Rhy and I never “talked” about things. We bickered and taunted. Sometimes even brawled. Had I really been that pathetic growing up? I remembered being in love with her, but I didn’t recall handing her my nuts in a flower bouquet for Valentine’s Day.
I banged the empty beer over the bar after one sip, pointing at the thick butcher block between us. “Clean up the condensation before we open. This is not amateur hour.”
“Just remember you are not that kid anymore.” Rhyland produced a rag from a drawer behind the bar, slapping it over his shoulder. He made his way back to me. “You know, the one who’d have stayed here getting a McJob if it meant she let you in her flowery corduroy pants.”
“Shut up.”
“Eyes on the prize, Row. You can’t afford to veer off plan. You have a new restaurant to open.”
“Listen to yourself,” I snarled, fingers tightening around the shape of my cigarette pack in my front pocket. “I’m not changing shit for anyone.”
“She eats saltine crackers with a fork.” He slid the rag over the butcher block, wiping the condensation and ignoring my words. “Anyone deserves better than that. Even your sorry ass.”
I still remembered Cal sitting with those saltines at my kitchen table, acting a fool because she didn’t like the way the salt clung to her fingers. Rhy was right. The woman was barely civilized. I had no business thinking about her, let alone pining after her. Was she even a woman? She was still acting like a child. She needed a babysitter, not a boyfriend. And I wasn’t interested in either position.
“Enough,” I barked out. “I’m at no risk of liking Calla Litvin again. Not from afar and definitely not up close. You’re wasting your breath talking about her. You have twenty-four hours to find us two new servers.” I rapped my knuckles on the bar. “Get your ass in gear.”

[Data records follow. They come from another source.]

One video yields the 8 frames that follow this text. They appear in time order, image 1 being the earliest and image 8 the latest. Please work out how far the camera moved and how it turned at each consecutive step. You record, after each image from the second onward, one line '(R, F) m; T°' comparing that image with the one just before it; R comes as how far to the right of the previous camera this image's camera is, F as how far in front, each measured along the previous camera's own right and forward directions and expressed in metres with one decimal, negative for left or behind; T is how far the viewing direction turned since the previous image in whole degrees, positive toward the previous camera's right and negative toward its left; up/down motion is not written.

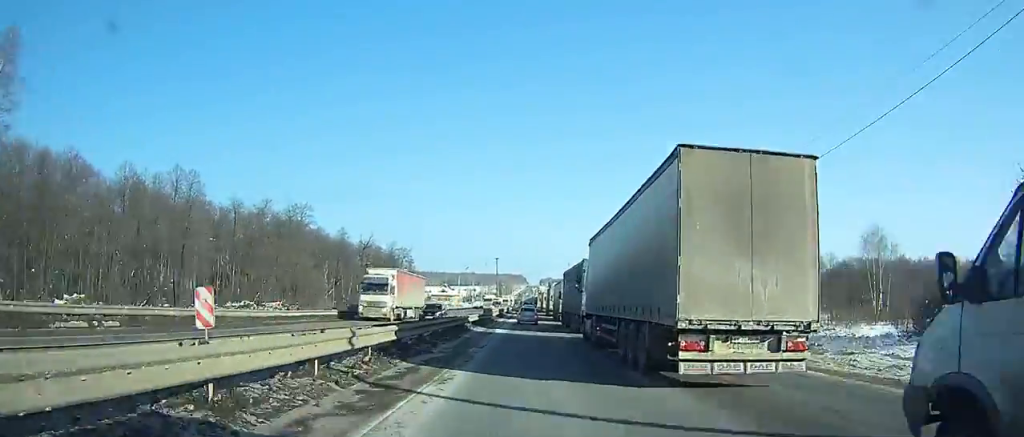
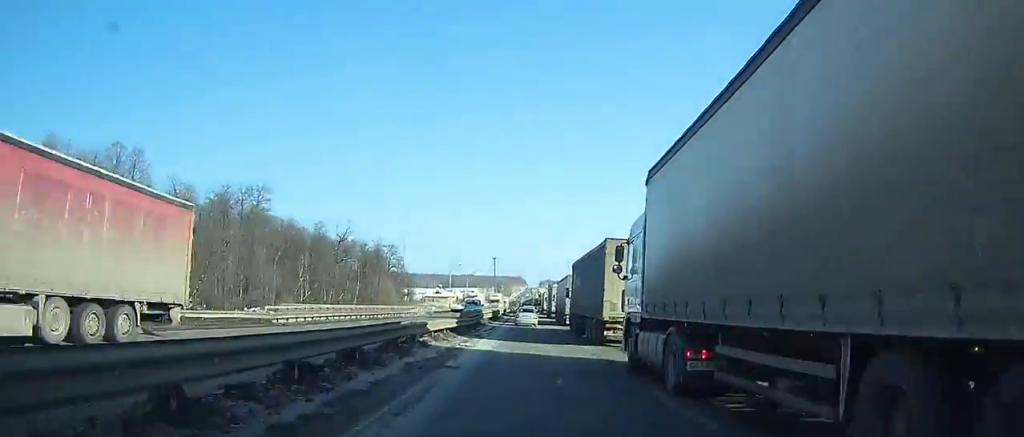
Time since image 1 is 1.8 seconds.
(+0.1, +15.6) m; +1°
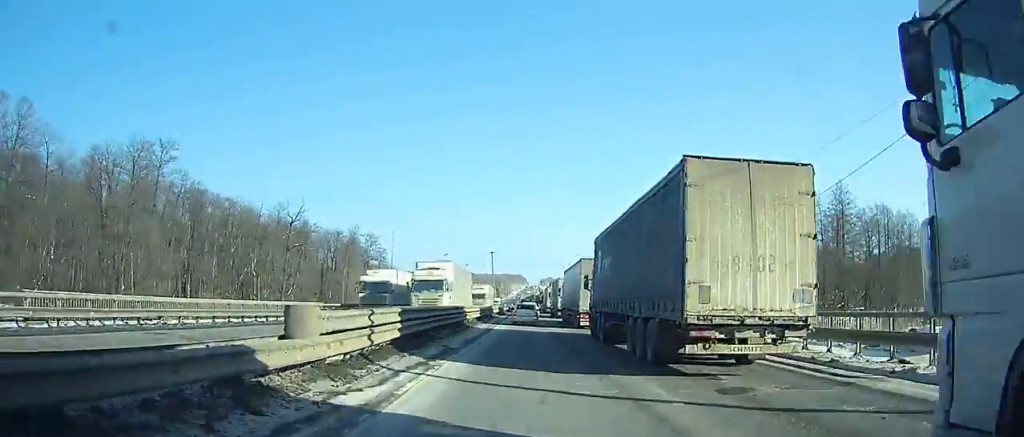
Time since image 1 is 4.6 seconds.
(+0.2, +21.9) m; 0°
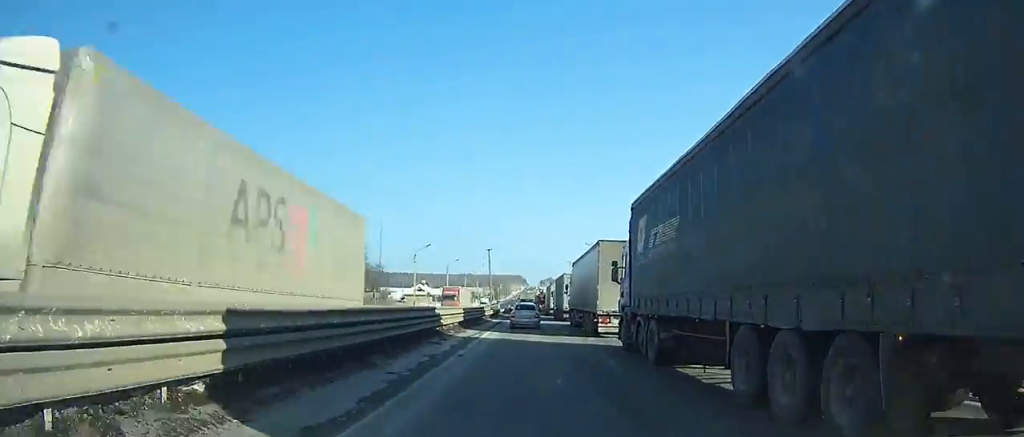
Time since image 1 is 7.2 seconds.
(0.0, +18.4) m; 0°
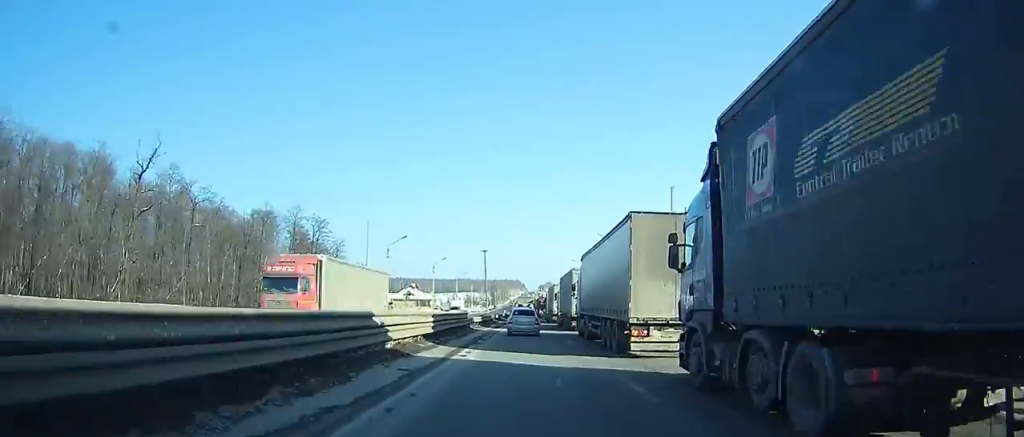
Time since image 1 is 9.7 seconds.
(-0.1, +16.1) m; -1°
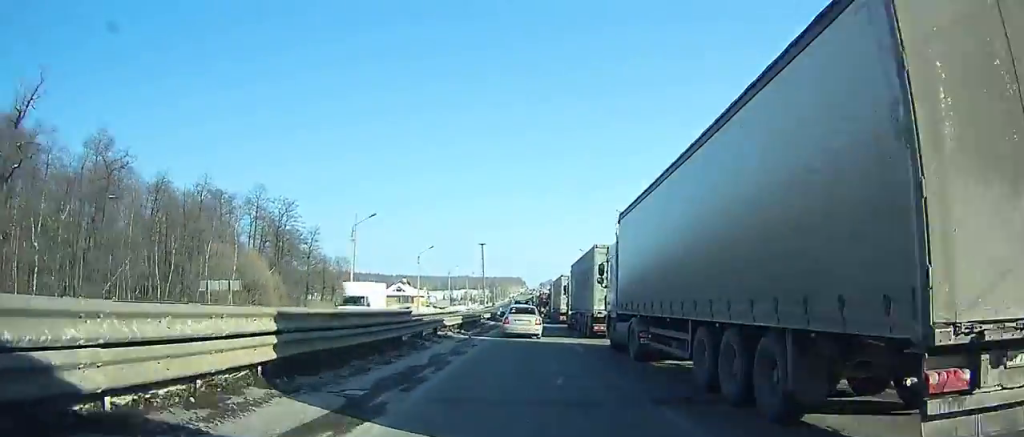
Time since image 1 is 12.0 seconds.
(-0.1, +13.4) m; -1°
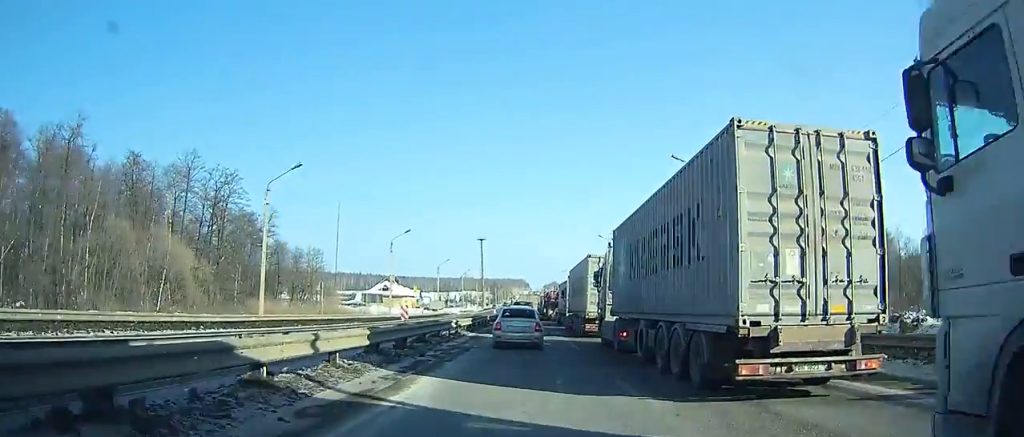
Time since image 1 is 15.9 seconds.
(-0.2, +20.0) m; 0°
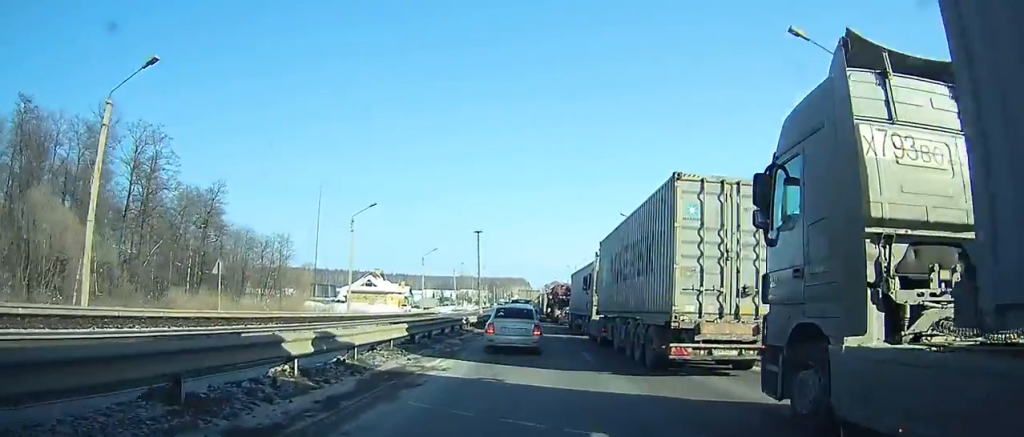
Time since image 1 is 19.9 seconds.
(+0.5, +15.5) m; +2°

Rhyland downed the rest of his beer, heaving out a sigh. “Denial ain’t just a river in Egypt.”
I flipped him the bird, trekking my way to the kitchen. “No fraternizing with the patrons!” I called out, as I did every night.
“No promises,” he called back, as he did every night too.
The evening couldn’t get worse if a meteor landed directly on my fucking head.
I was wrong.
The evening got worse.
Exponentially so and at a plane-crashing speed. Hot mess would be putting it mildly.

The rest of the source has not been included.